**TASK GOAL**
Transcribe each record exactly. Omit the pictures.

Saved data entries:
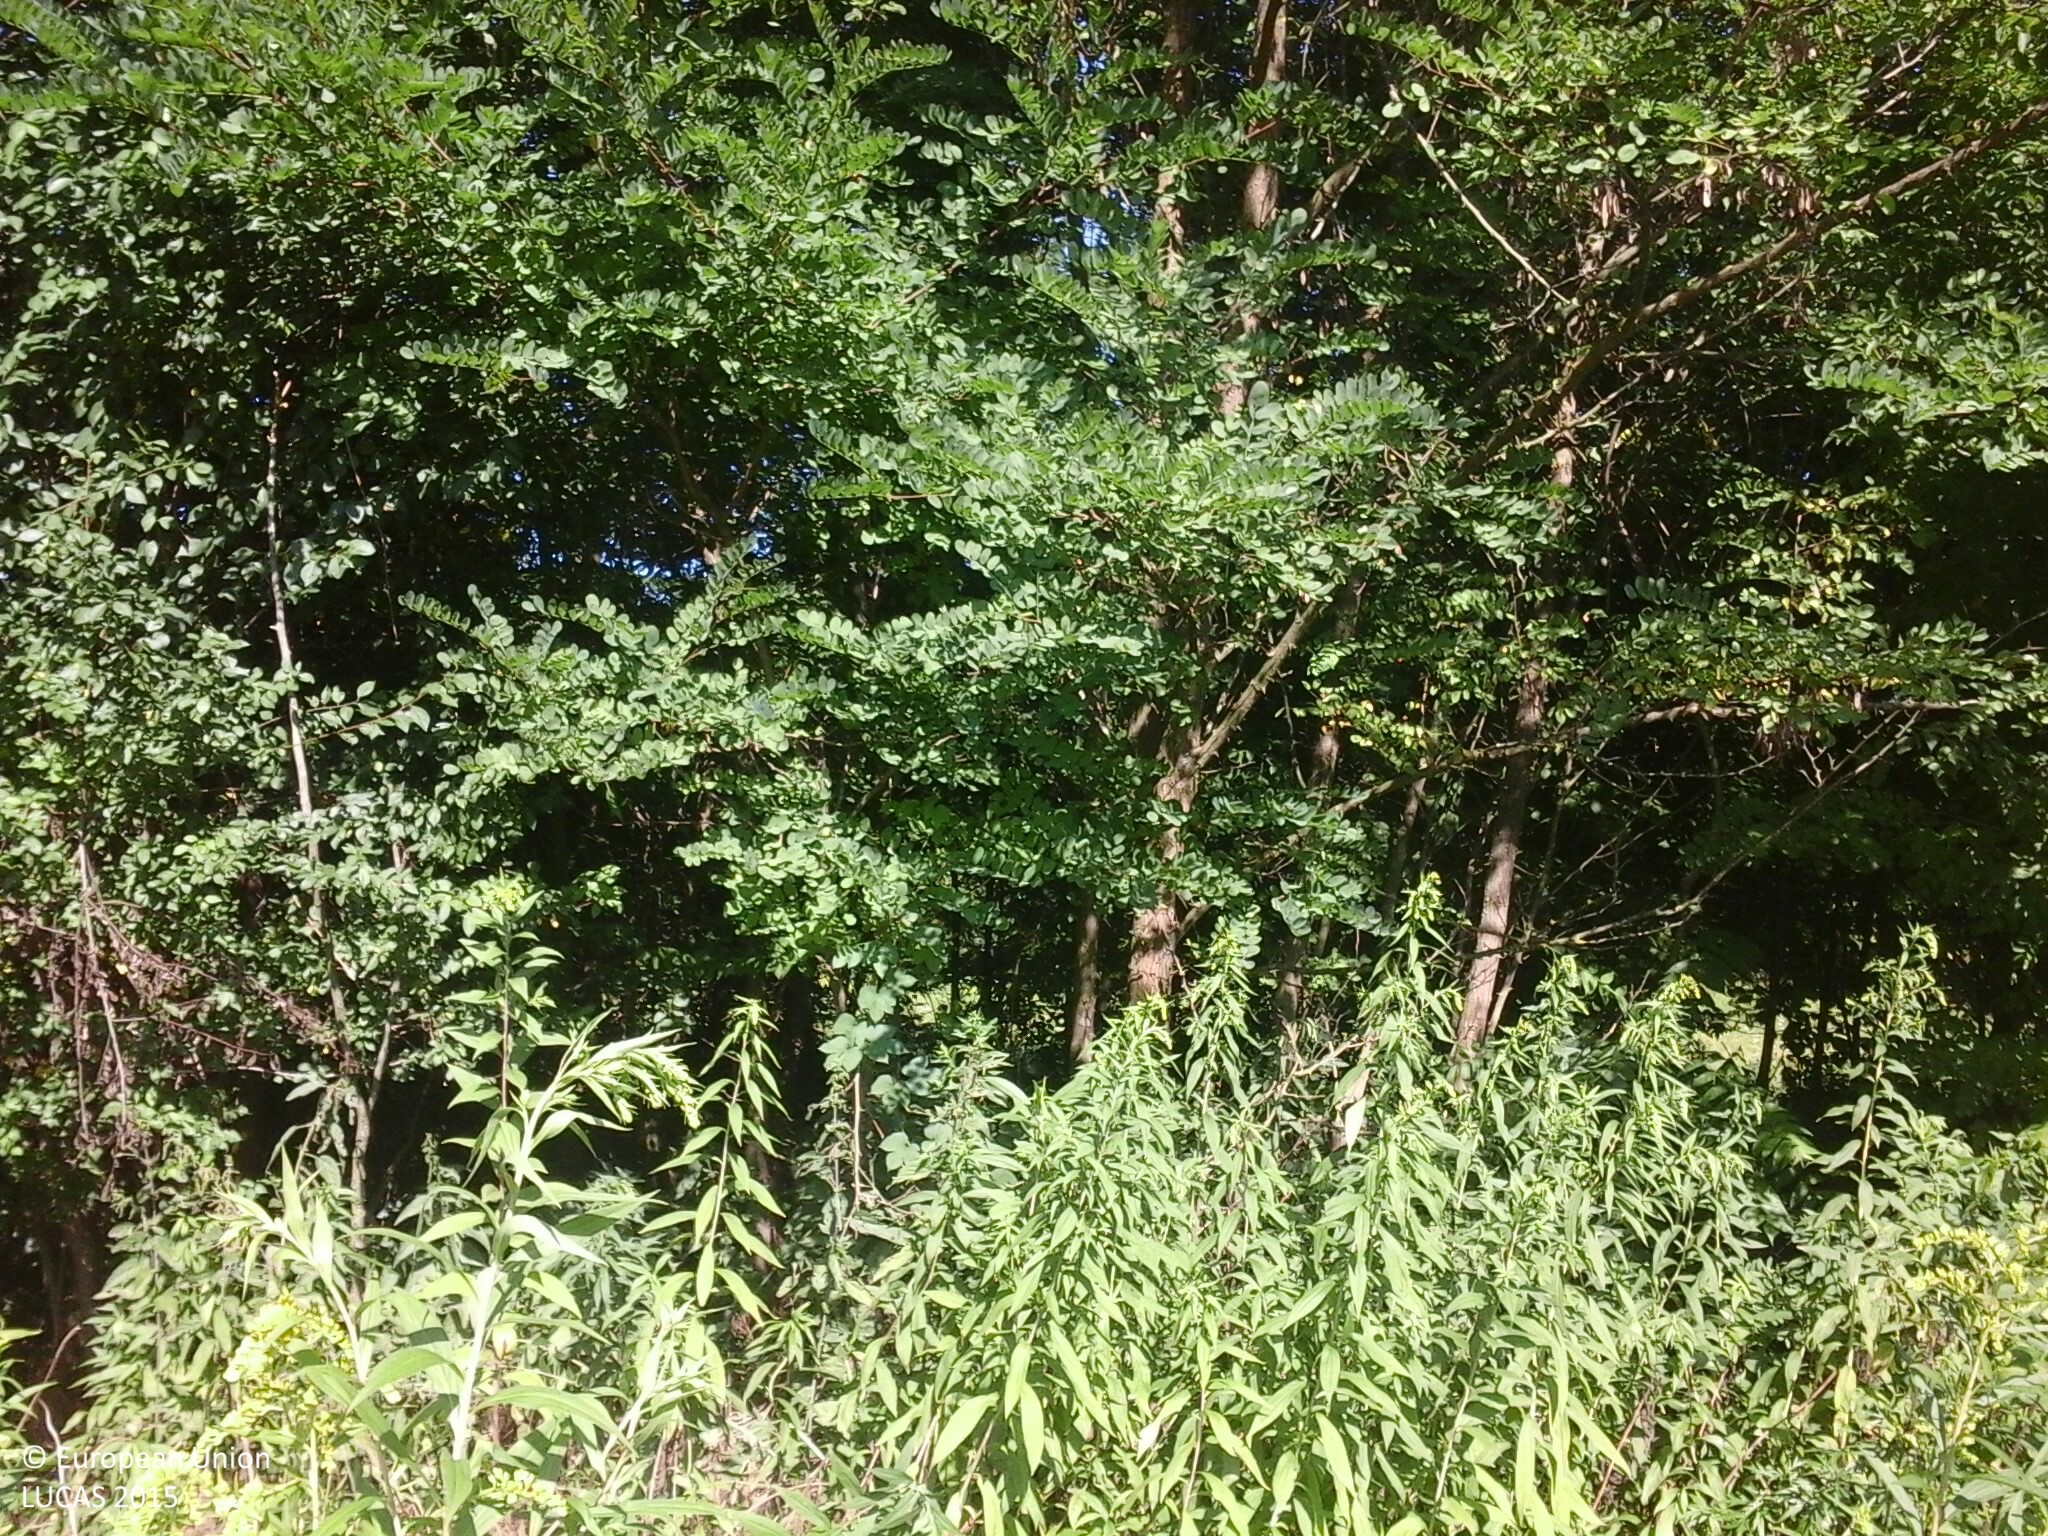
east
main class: Woodland
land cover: Broadleaved woodland
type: mesophytic deciduous forest
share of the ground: > 75 %
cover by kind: broadleaved forest trees 70 %, shrubs 20 %, herbaceous plants 10 %
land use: Forestry
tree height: < 5 m
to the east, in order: Broadleaved woodland; Grassland without tree/shrub cover; Fences; Broadleaved woodland; Grass margins; Tracks; Spontaneously vegetated surfaces; Spruce dominated coniferous woodland
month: July
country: HU
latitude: 46.6699
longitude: 17.7053

**EXPECTED OUTPUT**
east
main class: Woodland
land cover: Broadleaved woodland
type: mesophytic deciduous forest
share of the ground: > 75 %
cover by kind: broadleaved forest trees 70 %, shrubs 20 %, herbaceous plants 10 %
land use: Forestry
tree height: < 5 m
to the east, in order: Broadleaved woodland; Grassland without tree/shrub cover; Fences; Broadleaved woodland; Grass margins; Tracks; Spontaneously vegetated surfaces; Spruce dominated coniferous woodland
month: July
country: HU
latitude: 46.6699
longitude: 17.7053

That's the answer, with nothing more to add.